# [Your assignment]
Please copy out all lines of the entries that contain the word "concrete".

(Dataset Opens)

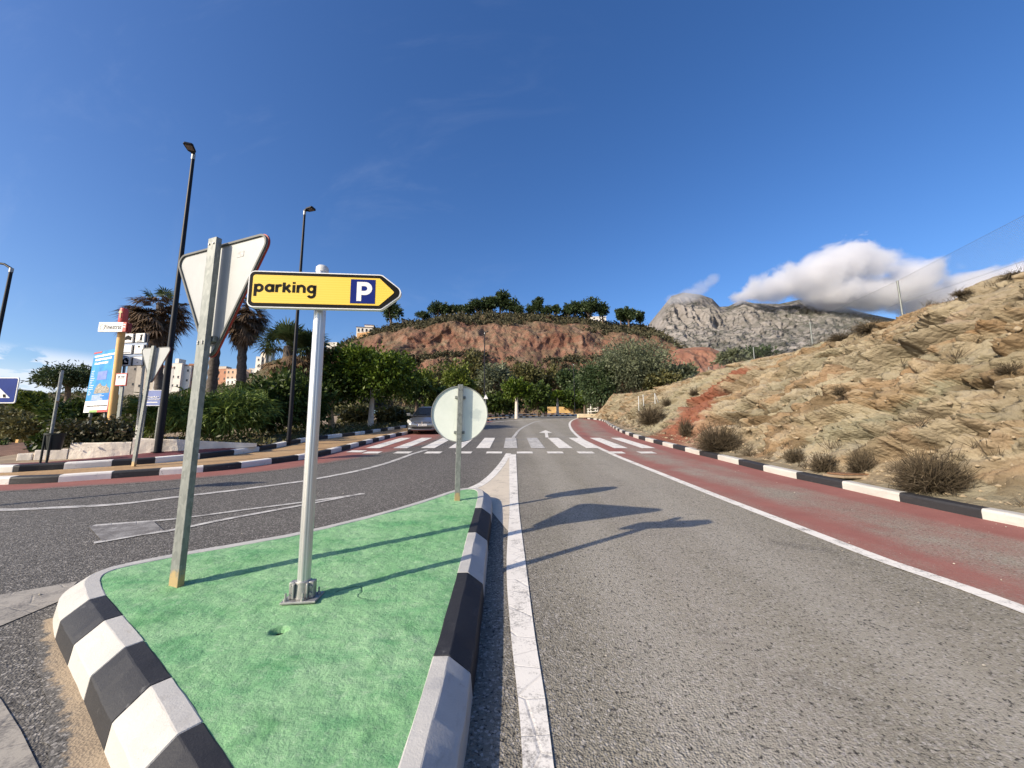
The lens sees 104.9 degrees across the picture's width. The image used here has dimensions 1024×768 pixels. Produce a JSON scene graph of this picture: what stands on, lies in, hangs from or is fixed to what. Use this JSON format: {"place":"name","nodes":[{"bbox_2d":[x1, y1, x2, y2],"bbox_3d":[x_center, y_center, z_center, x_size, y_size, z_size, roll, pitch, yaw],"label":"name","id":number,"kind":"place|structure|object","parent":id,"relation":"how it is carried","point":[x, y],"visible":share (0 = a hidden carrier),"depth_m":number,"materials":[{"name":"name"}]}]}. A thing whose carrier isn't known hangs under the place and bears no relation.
{"place":"outdoors","nodes":[
{"label":"outdoors","id":0,"kind":"place"},
{"bbox_2d":[0,445,262,464],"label":"maroon pavement","id":1,"kind":"structure","parent":0,"point":[152,454],"depth_m":10.47,"materials":[{"name":"concrete"}]},
{"bbox_2d":[39,433,66,462],"bbox_3d":[-11.039,1.539,9.471,0.374,0.702,0.374,0,-9,0],"label":"litter bin","id":2,"kind":"object","parent":1,"relation":"on","point":[53,441],"visible":0.98,"depth_m":9.35,"materials":[{"name":"black plastic"}]},
{"bbox_2d":[45,370,63,459],"bbox_3d":[-11.174,0.757,9.618,0.620,2.171,0.067,-8,-11,40],"label":"edge on sign","id":3,"kind":"object","parent":1,"relation":"on","point":[59,386],"visible":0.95,"depth_m":9.62,"materials":[{"name":"metal"}]},
{"bbox_2d":[16,438,256,460],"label":"whitewashed wall","id":4,"kind":"structure","parent":1,"relation":"on","point":[93,450],"depth_m":10.79,"materials":[{"name":"paint"}]},
{"bbox_2d":[41,411,136,448],"bbox_3d":[-11.839,1.439,11.081,2.264,1.363,1.556,5,-10,-28],"label":"creeper","id":5,"kind":"object","parent":4,"relation":"attached to","point":[112,430],"visible":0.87,"depth_m":10.93,"materials":[{"name":"green plant"}]},
{"bbox_2d":[153,142,195,452],"bbox_3d":[-9.856,-2.550,11.454,0.323,9.591,0.596,0,-9,0],"label":"street lamp","id":6,"kind":"object","parent":1,"relation":"on","point":[162,414],"visible":0.94,"depth_m":11.43,"materials":[{"name":"metal"}]},
{"bbox_2d":[4,356,359,414],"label":"town hill","id":7,"kind":"structure","parent":0,"point":[260,372],"depth_m":174.69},
{"bbox_2d":[124,366,136,395],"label":"house","id":8,"kind":"structure","parent":7,"relation":"on","point":[131,372],"depth_m":234.78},
{"bbox_2d":[133,366,153,396],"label":"house","id":9,"kind":"structure","parent":7,"relation":"on","point":[138,380],"depth_m":230.54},
{"bbox_2d":[171,363,187,392],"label":"house","id":10,"kind":"structure","parent":7,"relation":"on","point":[178,374],"depth_m":229.49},
{"bbox_2d":[0,356,368,446],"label":"slope scrub","id":11,"kind":"object","parent":7,"relation":"on","point":[3,437],"visible":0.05,"depth_m":155.96,"materials":[{"name":"green plant"}]},
{"bbox_2d":[0,414,568,475],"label":"tan pavement","id":12,"kind":"structure","parent":0,"point":[299,448],"depth_m":11.23,"materials":[{"name":"concrete"}]},
{"bbox_2d":[131,346,170,465],"bbox_3d":[-8.987,0.510,9.644,0.984,2.950,0.100,-1,-9,16],"label":"yield sign","id":13,"kind":"object","parent":12,"relation":"on","point":[154,358],"visible":1,"depth_m":9.75,"materials":[{"name":"metal"}]},
{"bbox_2d":[0,413,875,482],"bbox_3d":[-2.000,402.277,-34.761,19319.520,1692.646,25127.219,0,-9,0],"label":"ground","id":14,"kind":"structure","parent":0,"point":[9,459],"depth_m":15.97,"materials":[{"name":"soil"}]},
{"bbox_2d":[0,262,13,335],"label":"street lamp","id":15,"kind":"object","parent":14,"relation":"on","point":[6,293],"visible":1,"depth_m":14.12,"materials":[{"name":"metal"}]},
{"bbox_2d":[0,439,29,456],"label":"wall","id":16,"kind":"structure","parent":14,"relation":"on","point":[12,449],"depth_m":20.40,"materials":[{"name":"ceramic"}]},
{"bbox_2d":[0,406,31,438],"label":"scrub tree","id":17,"kind":"object","parent":14,"relation":"on","point":[11,414],"visible":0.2,"depth_m":39.21,"materials":[{"name":"green plant"}]},
{"bbox_2d":[0,411,56,442],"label":"scrub tree","id":18,"kind":"object","parent":14,"relation":"on","point":[20,428],"visible":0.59,"depth_m":28.84,"materials":[{"name":"green plant"}]},
{"bbox_2d":[6,389,53,412],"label":"scrub tree","id":19,"kind":"object","parent":14,"relation":"on","point":[26,400],"visible":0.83,"depth_m":45.71,"materials":[{"name":"green plant"}]},
{"bbox_2d":[23,431,63,451],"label":"scrub tree","id":20,"kind":"object","parent":14,"relation":"on","point":[36,440],"visible":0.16,"depth_m":20.29,"materials":[{"name":"green plant"}]},
{"bbox_2d":[21,359,91,401],"bbox_3d":[-38.560,0.699,34.209,4.943,5.716,5.331,0,-9,0],"label":"pine tree","id":21,"kind":"object","parent":14,"relation":"on","point":[75,377],"visible":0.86,"depth_m":33.64,"materials":[{"name":"green plant"}]},
{"bbox_2d":[31,393,101,431],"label":"scrub tree","id":22,"kind":"object","parent":14,"relation":"on","point":[68,409],"visible":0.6,"depth_m":25.30,"materials":[{"name":"green plant"}]},
{"bbox_2d":[83,349,114,426],"bbox_3d":[-14.118,0.701,13.448,1.911,3.750,0.132,-3,-10,26],"label":"information board","id":23,"kind":"object","parent":14,"relation":"on","point":[98,392],"visible":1,"depth_m":13.52,"materials":[{"name":"metal"}]},
{"bbox_2d":[98,308,131,419],"bbox_3d":[-12.932,-0.113,12.686,0.950,4.872,0.392,0,-9,0],"label":"signpost","id":24,"kind":"object","parent":14,"relation":"on","point":[122,326],"visible":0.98,"depth_m":12.77,"materials":[{"name":"gold metal"}]},
{"bbox_2d":[115,373,127,420],"bbox_3d":[-11.609,0.862,11.610,0.337,2.386,0.095,-2,-9,0],"label":"notice sign","id":25,"kind":"object","parent":14,"relation":"on","point":[121,380],"visible":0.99,"depth_m":11.70,"materials":[{"name":"metal"}]},
{"bbox_2d":[122,333,149,436],"bbox_3d":[-13.147,0.365,13.537,0.874,4.327,0.142,-2,-9,0],"label":"icon sign panel","id":26,"kind":"object","parent":14,"relation":"on","point":[132,355],"visible":0.73,"depth_m":13.71,"materials":[{"name":"grey metal"}]},
{"bbox_2d":[141,390,160,438],"bbox_3d":[-11.360,1.145,12.388,0.614,1.918,0.082,0,-9,0],"label":"blue hoarding","id":27,"kind":"object","parent":14,"relation":"on","point":[154,397],"visible":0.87,"depth_m":12.45,"materials":[{"name":"metal"}]},
{"bbox_2d":[111,284,195,434],"bbox_3d":[-19.600,-1.278,21.428,3.858,8.657,3.956,0,-9,0],"label":"fan palm","id":28,"kind":"object","parent":14,"relation":"on","point":[154,324],"visible":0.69,"depth_m":21.16,"materials":[{"name":"green plant"}]},
{"bbox_2d":[121,389,188,438],"bbox_3d":[-12.980,1.187,14.594,2.481,2.066,2.583,0,-9,0],"label":"shrub","id":29,"kind":"object","parent":14,"relation":"on","point":[132,408],"visible":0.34,"depth_m":13.99,"materials":[{"name":"green plant"}]},
{"bbox_2d":[148,386,241,440],"bbox_3d":[-12.172,1.182,15.189,3.013,2.385,3.207,0,-9,0],"label":"shrub","id":30,"kind":"object","parent":14,"relation":"on","point":[181,420],"visible":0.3,"depth_m":14.48,"materials":[{"name":"green plant"}]},
{"bbox_2d":[205,306,241,398],"bbox_3d":[-18.706,-1.538,24.536,2.773,9.282,2.858,0,-9,0],"label":"fan palm","id":31,"kind":"object","parent":14,"relation":"on","point":[212,375],"visible":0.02,"depth_m":24.20,"materials":[{"name":"brown plant"}]},
{"bbox_2d":[200,382,284,440],"bbox_3d":[-10.861,1.305,15.640,3.306,2.716,3.298,0,-9,0],"label":"shrub","id":32,"kind":"object","parent":14,"relation":"on","point":[246,410],"visible":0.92,"depth_m":15.16,"materials":[{"name":"green plant"}]},
{"bbox_2d":[226,296,272,429],"bbox_3d":[-16.166,-1.343,23.556,3.202,8.732,3.377,0,-9,0],"label":"fan palm","id":33,"kind":"object","parent":14,"relation":"on","point":[248,325],"visible":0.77,"depth_m":23.30,"materials":[{"name":"green plant"}]},
{"bbox_2d":[233,376,282,427],"bbox_3d":[-11.300,0.761,17.209,2.233,2.408,2.455,0,-9,0],"label":"shrub","id":34,"kind":"object","parent":14,"relation":"on","point":[254,382],"visible":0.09,"depth_m":17.31,"materials":[{"name":"green plant"}]},
{"bbox_2d":[131,419,407,444],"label":"verge plants","id":35,"kind":"object","parent":14,"relation":"on","point":[344,428],"visible":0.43,"depth_m":18.60,"materials":[{"name":"green plant"}]},
{"bbox_2d":[231,368,308,435],"bbox_3d":[-11.228,0.928,18.595,3.441,3.504,3.802,0,-9,0],"label":"shrub","id":36,"kind":"object","parent":14,"relation":"on","point":[282,383],"visible":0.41,"depth_m":18.16,"materials":[{"name":"green plant"}]},
{"bbox_2d":[251,318,311,427],"bbox_3d":[-12.973,-0.449,22.468,3.998,6.859,3.643,0,-9,0],"label":"fan palm","id":37,"kind":"object","parent":14,"relation":"on","point":[283,331],"visible":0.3,"depth_m":22.14,"materials":[{"name":"green plant"}]},
{"bbox_2d":[0,413,570,472],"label":"kerb","id":38,"kind":"structure","parent":14,"relation":"on","point":[70,465],"depth_m":9.97,"materials":[{"name":"black paint"}]},
{"bbox_2d":[286,206,315,445],"bbox_3d":[-8.071,-2.317,14.980,0.489,9.472,0.263,-3,-9,19],"label":"street lamp","id":39,"kind":"object","parent":14,"relation":"on","point":[293,372],"visible":0.96,"depth_m":14.76,"materials":[{"name":"metal"}]},
{"bbox_2d":[262,361,341,430],"bbox_3d":[-10.878,0.750,20.534,3.431,3.709,3.527,0,-9,0],"label":"shrub","id":40,"kind":"object","parent":14,"relation":"on","point":[325,408],"visible":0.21,"depth_m":20.40,"materials":[{"name":"green plant"}]},
{"bbox_2d":[281,328,336,426],"bbox_3d":[-12.064,-0.205,23.329,3.218,6.409,3.391,0,-9,0],"label":"fan palm","id":41,"kind":"object","parent":14,"relation":"on","point":[326,349],"visible":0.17,"depth_m":22.96,"materials":[{"name":"green plant"}]},
{"bbox_2d":[301,359,368,427],"bbox_3d":[-11.163,0.630,24.149,4.445,4.774,4.630,0,-9,0],"label":"verge tree","id":42,"kind":"object","parent":14,"relation":"on","point":[351,395],"visible":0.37,"depth_m":23.80,"materials":[{"name":"green plant"}]},
{"bbox_2d":[334,403,368,423],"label":"bush","id":43,"kind":"object","parent":14,"relation":"on","point":[349,415],"visible":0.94,"depth_m":28.32,"materials":[{"name":"green plant"}]},
{"bbox_2d":[322,340,424,425],"bbox_3d":[-8.912,0.133,25.421,6.770,5.895,6.651,0,-9,0],"label":"verge tree","id":44,"kind":"object","parent":14,"relation":"on","point":[383,375],"visible":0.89,"depth_m":23.96,"materials":[{"name":"green plant"}]},
{"bbox_2d":[374,402,409,423],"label":"bush","id":45,"kind":"object","parent":14,"relation":"on","point":[391,414],"visible":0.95,"depth_m":29.23,"materials":[{"name":"green plant"}]},
{"bbox_2d":[403,376,437,410],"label":"verge tree","id":46,"kind":"object","parent":14,"relation":"on","point":[418,397],"visible":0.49,"depth_m":32.84,"materials":[{"name":"green plant"}]},
{"bbox_2d":[410,366,440,406],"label":"hillside tree","id":47,"kind":"object","parent":14,"relation":"on","point":[429,375],"visible":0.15,"depth_m":44.00,"materials":[{"name":"green plant"}]},
{"bbox_2d":[439,357,480,390],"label":"hillside tree","id":48,"kind":"object","parent":14,"relation":"on","point":[453,377],"visible":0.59,"depth_m":51.39,"materials":[{"name":"green plant"}]},
{"bbox_2d":[460,347,492,394],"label":"hillside tree","id":49,"kind":"object","parent":14,"relation":"on","point":[474,358],"visible":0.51,"depth_m":73.53,"materials":[{"name":"green plant"}]},
{"bbox_2d":[474,360,516,413],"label":"hillside tree","id":50,"kind":"object","parent":14,"relation":"on","point":[496,376],"visible":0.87,"depth_m":65.91,"materials":[{"name":"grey plant"}]},
{"bbox_2d":[481,390,510,416],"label":"bush","id":51,"kind":"object","parent":14,"relation":"on","point":[496,403],"visible":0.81,"depth_m":49.37,"materials":[{"name":"green plant"}]},
{"bbox_2d":[500,376,533,418],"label":"verge tree","id":52,"kind":"object","parent":14,"relation":"on","point":[517,389],"visible":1,"depth_m":46.66,"materials":[{"name":"green plant"}]},
{"bbox_2d":[506,356,547,412],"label":"hillside tree","id":53,"kind":"object","parent":14,"relation":"on","point":[528,372],"visible":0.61,"depth_m":79.49,"materials":[{"name":"green plant"}]},
{"bbox_2d":[523,379,553,415],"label":"hillside tree","id":54,"kind":"object","parent":14,"relation":"on","point":[542,395],"visible":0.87,"depth_m":55.38,"materials":[{"name":"green plant"}]},
{"bbox_2d":[540,360,562,389],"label":"hillside tree","id":55,"kind":"object","parent":14,"relation":"on","point":[551,372],"visible":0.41,"depth_m":83.70,"materials":[{"name":"green plant"}]},
{"bbox_2d":[555,364,578,390],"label":"hillside tree","id":56,"kind":"object","parent":14,"relation":"on","point":[564,375],"visible":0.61,"depth_m":75.85,"materials":[{"name":"green plant"}]},
{"bbox_2d":[560,387,587,413],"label":"hillside tree","id":57,"kind":"object","parent":14,"relation":"on","point":[570,399],"visible":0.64,"depth_m":67.33,"materials":[{"name":"green plant"}]},
{"bbox_2d":[575,356,621,412],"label":"olive tree","id":58,"kind":"object","parent":14,"relation":"on","point":[592,391],"visible":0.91,"depth_m":45.46,"materials":[{"name":"green plant"}]},
{"bbox_2d":[586,329,680,393],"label":"olive tree","id":59,"kind":"object","parent":14,"relation":"on","point":[633,367],"visible":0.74,"depth_m":45.22,"materials":[{"name":"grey plant"}]},
{"bbox_2d":[669,361,699,379],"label":"olive tree","id":60,"kind":"object","parent":14,"relation":"on","point":[688,370],"visible":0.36,"depth_m":45.19,"materials":[{"name":"green plant"}]},
{"bbox_2d":[709,347,752,366],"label":"olive tree","id":61,"kind":"object","parent":14,"relation":"on","point":[729,355],"visible":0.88,"depth_m":62.18,"materials":[{"name":"green plant"}]},
{"bbox_2d":[743,342,779,359],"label":"olive tree","id":62,"kind":"object","parent":14,"relation":"on","point":[757,351],"visible":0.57,"depth_m":66.07,"materials":[{"name":"green plant"}]},
{"bbox_2d":[324,314,679,412],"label":"red hill","id":63,"kind":"structure","parent":0,"point":[537,340],"depth_m":142.89,"materials":[{"name":"soil"}]},
{"bbox_2d":[381,302,404,322],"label":"hilltop pine","id":64,"kind":"object","parent":63,"relation":"on","point":[394,311],"visible":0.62,"depth_m":170.18,"materials":[{"name":"green plant"}]},
{"bbox_2d":[426,299,447,317],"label":"hilltop pine","id":65,"kind":"object","parent":63,"relation":"on","point":[434,308],"visible":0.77,"depth_m":170.13,"materials":[{"name":"green plant"}]},
{"bbox_2d":[306,309,687,412],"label":"hill scrub","id":66,"kind":"object","parent":63,"relation":"on","point":[615,327],"visible":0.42,"depth_m":155.62,"materials":[{"name":"green plant"}]},
{"bbox_2d":[488,289,511,312],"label":"hilltop pine","id":67,"kind":"object","parent":63,"relation":"on","point":[500,295],"visible":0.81,"depth_m":171.18,"materials":[{"name":"green plant"}]},
{"bbox_2d":[572,296,605,319],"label":"hilltop pine","id":68,"kind":"object","parent":63,"relation":"on","point":[588,308],"visible":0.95,"depth_m":169.79,"materials":[{"name":"green plant"}]},
{"bbox_2d":[664,347,724,374],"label":"red mound","id":69,"kind":"object","parent":63,"relation":"on","point":[702,357],"visible":0.18,"depth_m":108.22,"materials":[{"name":"soil"}]},
{"bbox_2d":[0,415,1023,767],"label":"road","id":70,"kind":"structure","parent":0,"point":[720,633],"depth_m":2.94,"materials":[{"name":"asphalt"}]},
{"bbox_2d":[0,377,19,402],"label":"crossing sign","id":71,"kind":"object","parent":70,"relation":"on","point":[9,386],"visible":1,"depth_m":6.35,"materials":[{"name":"metal"}]},
{"bbox_2d":[0,699,38,767],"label":"broad line","id":72,"kind":"object","parent":70,"relation":"on","point":[15,751],"visible":1,"depth_m":1.83,"materials":[{"name":"paint"}]},
{"bbox_2d":[0,582,75,625],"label":"broad line","id":73,"kind":"object","parent":70,"relation":"on","point":[15,605],"visible":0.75,"depth_m":3.21,"materials":[{"name":"paint"}]},
{"bbox_2d":[34,618,109,767],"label":"silt strip","id":74,"kind":"object","parent":70,"relation":"on","point":[71,738],"visible":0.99,"depth_m":2.01,"materials":[{"name":"sand"}]},
{"bbox_2d":[89,521,162,540],"bbox_3d":[-4.975,1.870,5.087,1.001,0.076,0.564,-6,-11,36],"label":"road marking","id":75,"kind":"object","parent":70,"relation":"on","point":[107,532],"visible":1,"depth_m":5.03,"materials":[{"name":"paint"}]},
{"bbox_2d":[0,450,425,510],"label":"lane line","id":76,"kind":"object","parent":70,"relation":"on","point":[13,509],"visible":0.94,"depth_m":6.77,"materials":[{"name":"white paint"}]},
{"bbox_2d":[94,493,362,543],"bbox_3d":[-3.731,1.897,5.791,0.181,0.252,3.319,-7,-11,39],"label":"chevron line","id":77,"kind":"object","parent":70,"relation":"on","point":[227,518],"visible":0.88,"depth_m":5.52,"materials":[{"name":"white paint"}]},
{"bbox_2d":[93,493,363,525],"bbox_3d":[-4.041,1.906,6.053,3.446,0.188,0.276,6,-10,-33],"label":"chevron line","id":78,"kind":"object","parent":70,"relation":"on","point":[215,513],"visible":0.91,"depth_m":5.77,"materials":[{"name":"white paint"}]},
{"bbox_2d":[0,421,494,491],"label":"red shoulder","id":79,"kind":"object","parent":70,"relation":"on","point":[346,455],"visible":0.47,"depth_m":9.76},
{"bbox_2d":[407,407,438,433],"bbox_3d":[-4.980,2.103,23.385,2.200,1.515,4.245,0,-3,-3],"label":"car","id":80,"kind":"object","parent":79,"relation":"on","point":[420,419],"visible":0.67,"depth_m":21.62,"materials":[{"name":"silver metal"}]},
{"bbox_2d":[53,488,491,767],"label":"traffic island","id":81,"kind":"structure","parent":70,"relation":"on","point":[222,657],"depth_m":2.29,"materials":[{"name":"green paint"}]},
{"bbox_2d":[169,234,269,587],"bbox_3d":[-2.616,0.292,3.275,1.173,3.177,0.127,-4,-9,20],"label":"yield sign","id":82,"kind":"object","parent":81,"relation":"on","point":[215,275],"visible":0.97,"depth_m":3.37,"materials":[{"name":"metal"}]},
{"bbox_2d":[247,265,401,604],"bbox_3d":[-1.448,0.291,3.017,1.141,2.533,0.203,0,-9,-7],"label":"parking sign","id":83,"kind":"object","parent":81,"relation":"on","point":[321,291],"visible":1,"depth_m":3.04,"materials":[{"name":"metal"}]},
{"bbox_2d":[431,384,487,500],"bbox_3d":[-0.797,0.959,5.885,0.856,1.919,0.094,2,-9,-9],"label":"keep right sign","id":84,"kind":"object","parent":81,"relation":"on","point":[459,414],"visible":1,"depth_m":5.98,"materials":[{"name":"metal"}]},
{"bbox_2d":[0,414,576,484],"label":"kerb","id":85,"kind":"structure","parent":70,"relation":"on","point":[32,479],"depth_m":9.03,"materials":[{"name":"white paint"}]},
{"bbox_2d":[469,453,510,487],"bbox_3d":[-0.376,2.138,10.212,0.337,0.539,5.603,-1,-9,7],"label":"curved line","id":86,"kind":"object","parent":70,"relation":"on","point":[494,473],"visible":0.97,"depth_m":9.15,"materials":[{"name":"white paint"}]},
{"bbox_2d":[478,458,508,529],"bbox_3d":[-0.383,2.076,8.989,0.692,0.774,7.998,0,-9,0],"label":"cream patch","id":87,"kind":"object","parent":70,"relation":"on","point":[496,488],"visible":0.94,"depth_m":7.17,"materials":[{"name":"paint"}]},
{"bbox_2d":[507,454,553,767],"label":"line","id":88,"kind":"object","parent":70,"relation":"on","point":[536,742],"visible":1,"depth_m":2.53,"materials":[{"name":"white paint"}]},
{"bbox_2d":[569,418,1023,612],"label":"edge line","id":89,"kind":"object","parent":70,"relation":"on","point":[986,595],"visible":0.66,"depth_m":4.30,"materials":[{"name":"white paint"}]},
{"bbox_2d":[571,418,1023,604],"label":"red shoulder","id":90,"kind":"object","parent":70,"relation":"on","point":[989,554],"visible":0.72,"depth_m":5.49},
{"bbox_2d":[586,418,1023,526],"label":"kerb","id":91,"kind":"structure","parent":70,"relation":"on","point":[992,514],"depth_m":7.00,"materials":[{"name":"black paint"}]},
{"bbox_2d":[0,0,1023,412],"label":"sky","id":92,"kind":"structure","parent":0,"point":[639,154],"materials":[{"name":"blue"}]},
{"bbox_2d":[647,293,894,355],"bbox_3d":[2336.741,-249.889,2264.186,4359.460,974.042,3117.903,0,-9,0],"label":"mountain","id":93,"kind":"structure","parent":0,"point":[689,320],"depth_m":2468.92,"materials":[{"name":"stone"}]},
{"bbox_2d":[593,272,1023,512],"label":"rock embankment","id":94,"kind":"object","parent":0,"point":[877,420],"visible":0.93,"depth_m":9.32,"materials":[{"name":"stone"}]},
{"bbox_2d":[633,401,668,426],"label":"dry bush","id":95,"kind":"object","parent":94,"relation":"on","point":[648,417],"visible":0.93,"depth_m":21.79,"materials":[{"name":"plant"}]},
{"bbox_2d":[641,368,683,390],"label":"olive tree","id":96,"kind":"object","parent":94,"relation":"on","point":[664,378],"visible":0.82,"depth_m":43.50,"materials":[{"name":"green plant"}]},
{"bbox_2d":[689,419,748,452],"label":"dry bush","id":97,"kind":"object","parent":94,"relation":"on","point":[716,442],"visible":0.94,"depth_m":12.31,"materials":[{"name":"plant"}]},
{"bbox_2d":[782,445,805,462],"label":"dry bush","id":98,"kind":"object","parent":94,"relation":"on","point":[791,455],"visible":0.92,"depth_m":9.50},
{"bbox_2d":[605,264,1023,506],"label":"dry grass","id":99,"kind":"structure","parent":94,"relation":"on","point":[748,454],"depth_m":10.39,"materials":[{"name":"plant"}]},
{"bbox_2d":[616,285,1023,506],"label":"loose stones","id":100,"kind":"object","parent":94,"relation":"on","point":[1017,329],"visible":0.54,"depth_m":8.80,"materials":[{"name":"stone"}]},
{"bbox_2d":[805,449,840,472],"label":"dry bush","id":101,"kind":"object","parent":94,"relation":"on","point":[820,465],"visible":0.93,"depth_m":8.47,"materials":[{"name":"plant"}]},
{"bbox_2d":[823,472,869,477],"bbox_3d":[6.869,1.834,7.914,0.850,0.085,0.520,0,-9,0],"label":"stone slab","id":102,"kind":"object","parent":94,"relation":"on","point":[843,475],"visible":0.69,"depth_m":7.76,"materials":[{"name":"stone"}]},
{"bbox_2d":[691,215,1023,376],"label":"wire fence","id":103,"kind":"object","parent":94,"relation":"on","point":[899,299],"visible":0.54,"depth_m":13.97,"materials":[{"name":"metal"}]},
{"bbox_2d":[841,447,878,472],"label":"dry bush","id":104,"kind":"object","parent":94,"relation":"on","point":[861,463],"visible":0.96,"depth_m":7.89,"materials":[{"name":"plant"}]},
{"bbox_2d":[847,315,885,336],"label":"dry bush","id":105,"kind":"object","parent":94,"relation":"on","point":[862,328],"visible":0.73,"depth_m":15.05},
{"bbox_2d":[876,437,995,497],"bbox_3d":[7.028,1.420,6.597,1.578,1.040,1.223,0,-9,0],"label":"dry bush","id":106,"kind":"object","parent":94,"relation":"on","point":[919,477],"visible":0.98,"depth_m":6.45,"materials":[{"name":"plant"}]},
{"bbox_2d":[987,360,1023,375],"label":"dry bush","id":107,"kind":"object","parent":94,"relation":"on","point":[1002,369],"visible":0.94,"depth_m":7.19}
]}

(Dataset Closes)

# [Exercise output]
{"bbox_2d":[0,445,262,464],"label":"maroon pavement","id":1,"kind":"structure","parent":0,"point":[152,454],"depth_m":10.47,"materials":[{"name":"concrete"}]},
{"bbox_2d":[0,414,568,475],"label":"tan pavement","id":12,"kind":"structure","parent":0,"point":[299,448],"depth_m":11.23,"materials":[{"name":"concrete"}]},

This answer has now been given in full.